Analysts have lifted the average price target on Progress Software by $6, reflecting updated views on its growth, profitability, and P/E assumptions after recent research revisions from multiple firms.

Analyst Commentary

Street research on Progress Software has not been uniformly positive. Some recent target cuts highlight where bearish analysts see more risk around execution, growth, and valuation assumptions.

These more cautious views often sit alongside the higher average price target. This reminds you that sentiment is mixed and that expectations for the business are being actively reset in both directions.

Bearish Takeaways

  • Bearish analysts who reduced their targets by US$3 and US$5 are signaling concerns that prior growth assumptions may have been too optimistic, particularly regarding how quickly the company can expand its revenue base.
  • Some price target cuts also point to execution risk. Any slowdown in deal activity or product uptake could make it harder for Progress Software to meet earlier earnings and P/E expectations.
  • Lower targets indicate that a portion of the market is more cautious on valuation.

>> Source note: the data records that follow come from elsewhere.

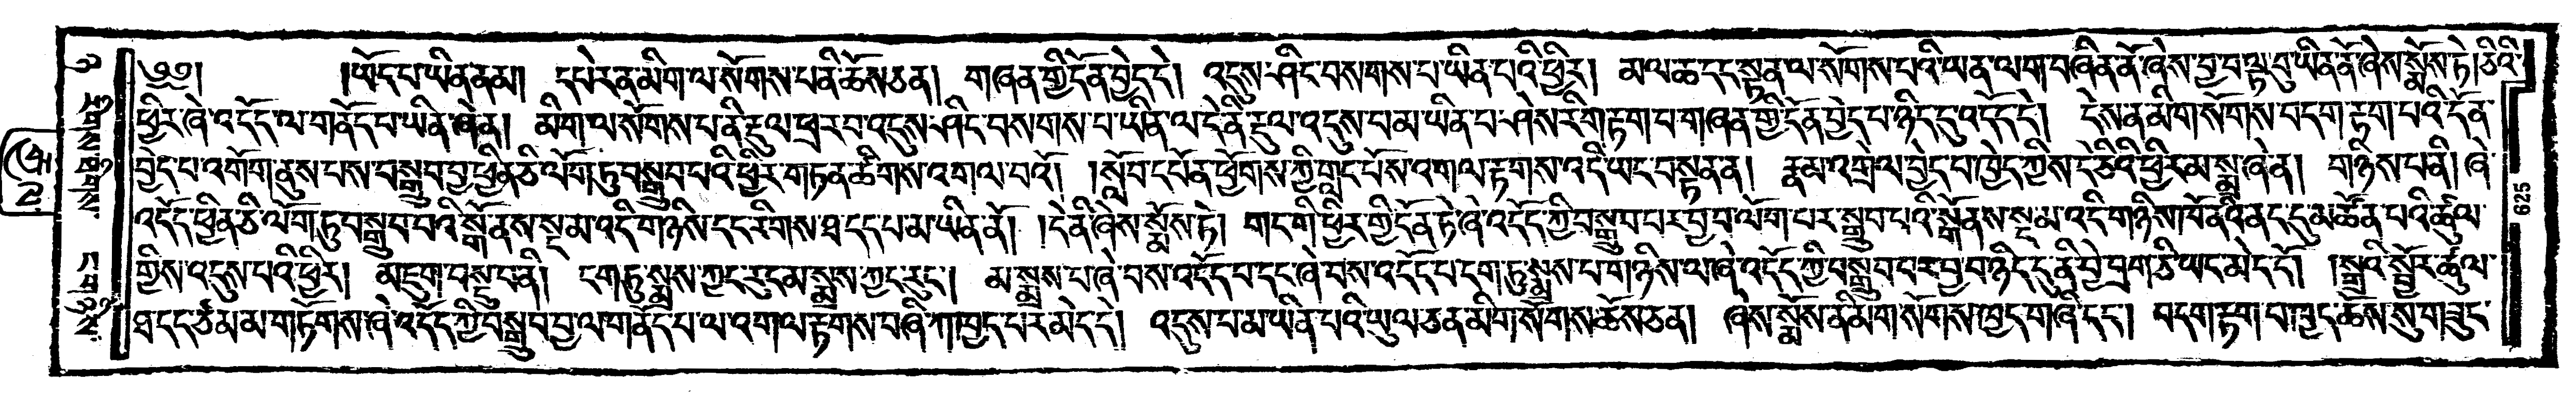༄༅། །ཡོད་པ་ཡིན་ནམ། དཔེར་ན་མིག་ལ་སོགས་པ་ནི་ཆོས་ཅན། གཞན་གྱི་དོན་བྱེད་དེ། འདུས་ཤིང་བསགས་པ་ཡིན་པའི་ཕྱིར། མལ་ཆ་དང་སྟན་ལ་སོགས་པའི་ཡན་ལག་བཞིན་ནོ་ཞེས་བྱ་བ་ལྟ་བུ་ཡིན་ནོ་ཞེས་སྨོས་ཏེ། ཅིའི་
ཕྱིར་ཞེ་འདོད་ལ་གནོད་པ་ཡིན་ཞེ་ན། མིག་ལ་སོགས་པ་ནི་རྡུལ་ཕྲ་རབ་འདུས་ཤིང་བསགས་པ་ཡིན་ལ་དེ་ནི་རྡུལ་འདུས་པ་མ་ཡིན་པ་ཤེས་རིག་རྟག་པ་གཞན་གྱི་དོན་བྱེད་པ་ཉིད་དུ་འདོད་དེ། དེས་ན་མིག་སོགས་བདག་རྟག་པའི་དོན་
བྱེད་པ་འགོག་ནུས་པས་བསྒྲུབ་བྱ་ཕྱིན་ཅི་ལོག་ཏུ་བསྒྲུབ་པའི་ཕྱིར་གཏན་ཚིགས་འགལ་བའོ། །སློབ་དཔོན་ཕྱོགས་ཀྱི་གླང་པོས་འགལ་རྟགས་འདི་ཡང་བསྟན་ན། རྣམ་འགྲེལ་བྱེད་པ་ཁྱེད་ཀྱིས་དེ་ཅིའི་ཕྱིར་མ་སྨྲ་ཞེ་ན། གཉིས་པ་ནི། ཞེ་
འདོད་ཕྱིན་ཅི་ལོག་ཏུ་བསྒྲུབ་པའི་སྒོ་ནས་སྔ་མ་འདི་གཉིས་དང་རིགས་ཐ་དད་པ་མ་ཡིན་ནོ། །དེ་ནི་ཞེས་སྨོས་ཏེ། གང་གི་ཕྱིར་གྱི་དོན་ཏེ་ཞེ་འདོད་ཀྱི་བསྒྲུབ་པར་བྱ་བ་ལོག་པར་སྒྲུབ་པའི་སྒོ་ནས་སྔ་མ་འདི་གཉིས་ཁོ་ནའི་ནང་དུ་མཚོན་པའི་ཚུལ་
གྱིས་འདུས་པའི་ཕྱིར། མཇུག་བསྡུ་པ་ནི། དག་ཏུ་སྨྲས་ཀྱང་རུང་མ་སྨྲས་ཀྱང་རུང་། མ་སྨྲས་པ་ཞེ་བས་འདོད་པ་དང་ཞེ་བས་འདོད་པ་དག་ཏུ་སྨྲས་པ་གཉིས་ལ་ཞེ་འདོད་ཀྱི་བསྒྲུབ་པར་བྱ་བ་ཉིད་དུ་ནི་བྱེ་བྲག་ཅི་ཡང་མེད་དོ། །སྒྲའི་སྦྱོར་ཚུལ་
ཐ་དད་ཙམ་མ་གཏོགས་ཞེ་འདོད་ཀྱི་བསྒྲུབ་བྱ་ལ་གནོད་པ་ལ་འགལ་རྟགས་བཞི་ཀ་ཁྱད་པར་མེད་དེ། འདུས་པ་མ་ཡིན་པའི་ཡུལ་ཅན་མིག་སོགས་ཆོས་ཅན། ཞེས་སྨོས་ནི་མིག་སོགས་ཁྱད་གཞི་དང་། བདག་རྟག་བ་ཁྱད་ཆོས་སུ་གཟུང་

This suggests that the previous share price implied limited room for error if growth or profitability trends come in softer than earlier models assumed.
  • Taken together, the recent downward revisions serve as a reminder that Progress Software faces ongoing risks related to competition, demand visibility, and the ability to deliver consistent results that match prior Street estimates.

What's in the News

  • Rumor regarding Progress Software was highlighted again in Ben Harrington's M&A focused Betaville blog, with contacts citing renewed attention on the company (The Fly, Betaville).
  • On the day of the blog mention, Progress Software shares were reported at about US$35.93 in afternoon trading, with the stock described as up about 1% (The Fly).
  • From September 1, 2025 to November 30, 2025, Progress Software repurchased 889,095 shares for US$39.98 million, representing 2.07% of shares, as part of its ongoing buyback program (company filing).
  • Since the March 30, 2016 buyback announcement, the company has repurchased a total of 12,818,339 shares for US$581.06 million, representing 28.66% of shares under that authorization (company filing).

Valuation Changes

  • Fair Value: Model fair value remains at $45.00, with no change from the prior estimate.
  • Discount Rate: The discount rate has risen modestly from 10.72% to 11.55%, indicating a slightly higher required return in the updated model.
  • Revenue Growth: The revenue growth assumption has edged up from 1.54% to 1.57%, indicating a small adjustment to projected top line expansion in dollar terms.
  • Net Profit Margin: The net profit margin has been raised slightly from 7.89% to 7.94%, reflecting a marginally higher expected earnings share of revenue in dollar terms.
  • Future P/E: The future P/E multiple has increased from 29.49x to 29.93x, suggesting a small upward revision to the valuation multiple in the updated assumptions.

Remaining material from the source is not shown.